* **YOUR ASSIGNMENT**: All lines holding the word "Gear" should be located in the records and copied.

SUPPLIED DATA Start Marker

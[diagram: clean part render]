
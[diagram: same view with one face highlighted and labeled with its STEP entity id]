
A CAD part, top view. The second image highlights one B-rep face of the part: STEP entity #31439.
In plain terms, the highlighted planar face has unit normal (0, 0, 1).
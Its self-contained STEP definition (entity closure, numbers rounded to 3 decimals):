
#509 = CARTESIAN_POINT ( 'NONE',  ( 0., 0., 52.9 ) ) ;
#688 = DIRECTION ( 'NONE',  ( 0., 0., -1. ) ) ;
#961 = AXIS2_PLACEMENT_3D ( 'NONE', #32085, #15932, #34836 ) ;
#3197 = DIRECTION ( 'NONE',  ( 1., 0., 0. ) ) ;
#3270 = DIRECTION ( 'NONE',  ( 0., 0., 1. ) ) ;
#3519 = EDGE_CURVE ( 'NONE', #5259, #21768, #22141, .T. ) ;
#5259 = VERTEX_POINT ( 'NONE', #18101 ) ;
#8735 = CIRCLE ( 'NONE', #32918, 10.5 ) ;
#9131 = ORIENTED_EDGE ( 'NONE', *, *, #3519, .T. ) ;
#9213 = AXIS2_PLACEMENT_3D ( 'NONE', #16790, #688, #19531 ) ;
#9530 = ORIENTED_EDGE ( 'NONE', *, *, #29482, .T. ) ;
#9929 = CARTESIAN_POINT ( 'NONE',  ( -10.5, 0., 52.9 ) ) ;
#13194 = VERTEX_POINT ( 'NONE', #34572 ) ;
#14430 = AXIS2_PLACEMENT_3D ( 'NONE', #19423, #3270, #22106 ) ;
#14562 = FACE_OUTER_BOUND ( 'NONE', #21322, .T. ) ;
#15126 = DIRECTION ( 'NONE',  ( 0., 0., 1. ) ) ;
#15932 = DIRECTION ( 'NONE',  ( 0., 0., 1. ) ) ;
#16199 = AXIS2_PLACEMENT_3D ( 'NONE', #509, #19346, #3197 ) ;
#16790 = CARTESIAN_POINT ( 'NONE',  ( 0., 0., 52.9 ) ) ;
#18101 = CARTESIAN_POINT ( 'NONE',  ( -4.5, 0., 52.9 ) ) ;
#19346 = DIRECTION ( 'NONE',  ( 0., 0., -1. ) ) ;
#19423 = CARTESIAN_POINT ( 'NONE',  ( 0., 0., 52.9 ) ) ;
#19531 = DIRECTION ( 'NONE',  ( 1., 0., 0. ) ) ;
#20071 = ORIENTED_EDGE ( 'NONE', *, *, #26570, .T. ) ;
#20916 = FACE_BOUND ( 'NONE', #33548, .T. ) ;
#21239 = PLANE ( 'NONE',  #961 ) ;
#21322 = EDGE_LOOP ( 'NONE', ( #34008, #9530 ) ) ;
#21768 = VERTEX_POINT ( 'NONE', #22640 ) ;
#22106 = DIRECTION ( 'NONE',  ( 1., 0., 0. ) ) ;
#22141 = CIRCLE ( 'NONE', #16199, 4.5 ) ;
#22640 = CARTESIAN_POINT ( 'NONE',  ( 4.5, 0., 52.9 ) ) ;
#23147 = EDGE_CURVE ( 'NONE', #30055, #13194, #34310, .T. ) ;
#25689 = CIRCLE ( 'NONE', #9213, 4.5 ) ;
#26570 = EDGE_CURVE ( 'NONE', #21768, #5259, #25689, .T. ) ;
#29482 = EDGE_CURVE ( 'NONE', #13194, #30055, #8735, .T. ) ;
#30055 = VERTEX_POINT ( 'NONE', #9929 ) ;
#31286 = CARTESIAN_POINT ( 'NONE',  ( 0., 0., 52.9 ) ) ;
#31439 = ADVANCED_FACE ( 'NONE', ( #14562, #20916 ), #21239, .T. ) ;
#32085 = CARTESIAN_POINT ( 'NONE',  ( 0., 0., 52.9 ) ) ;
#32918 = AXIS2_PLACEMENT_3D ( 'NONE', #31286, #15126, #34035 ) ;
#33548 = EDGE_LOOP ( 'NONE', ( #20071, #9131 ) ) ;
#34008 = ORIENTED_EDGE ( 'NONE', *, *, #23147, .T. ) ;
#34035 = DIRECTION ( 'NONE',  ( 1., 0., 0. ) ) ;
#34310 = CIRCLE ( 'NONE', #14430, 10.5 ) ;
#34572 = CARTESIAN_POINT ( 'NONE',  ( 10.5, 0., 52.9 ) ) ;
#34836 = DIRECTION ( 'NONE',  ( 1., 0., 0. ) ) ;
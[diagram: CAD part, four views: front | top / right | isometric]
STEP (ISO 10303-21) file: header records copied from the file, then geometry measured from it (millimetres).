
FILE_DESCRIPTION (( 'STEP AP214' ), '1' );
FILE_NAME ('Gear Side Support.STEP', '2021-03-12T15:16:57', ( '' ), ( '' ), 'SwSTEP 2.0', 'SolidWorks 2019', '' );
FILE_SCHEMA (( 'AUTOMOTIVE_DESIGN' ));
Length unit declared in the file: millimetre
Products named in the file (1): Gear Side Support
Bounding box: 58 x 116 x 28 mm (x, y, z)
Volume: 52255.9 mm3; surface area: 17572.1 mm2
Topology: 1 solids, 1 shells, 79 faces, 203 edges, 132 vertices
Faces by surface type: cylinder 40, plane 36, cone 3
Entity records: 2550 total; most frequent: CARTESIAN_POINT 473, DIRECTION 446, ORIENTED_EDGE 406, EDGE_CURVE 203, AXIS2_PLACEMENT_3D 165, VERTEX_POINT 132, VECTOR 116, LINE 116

SUPPLIED DATA End Marker

* **RESULT OF THIS EXERCISE**:
FILE_NAME ('Gear Side Support.STEP', '2021-03-12T15:16:57', ( '' ), ( '' ), 'SwSTEP 2.0', 'SolidWorks 2019', '' );
Products named in the file (1): Gear Side Support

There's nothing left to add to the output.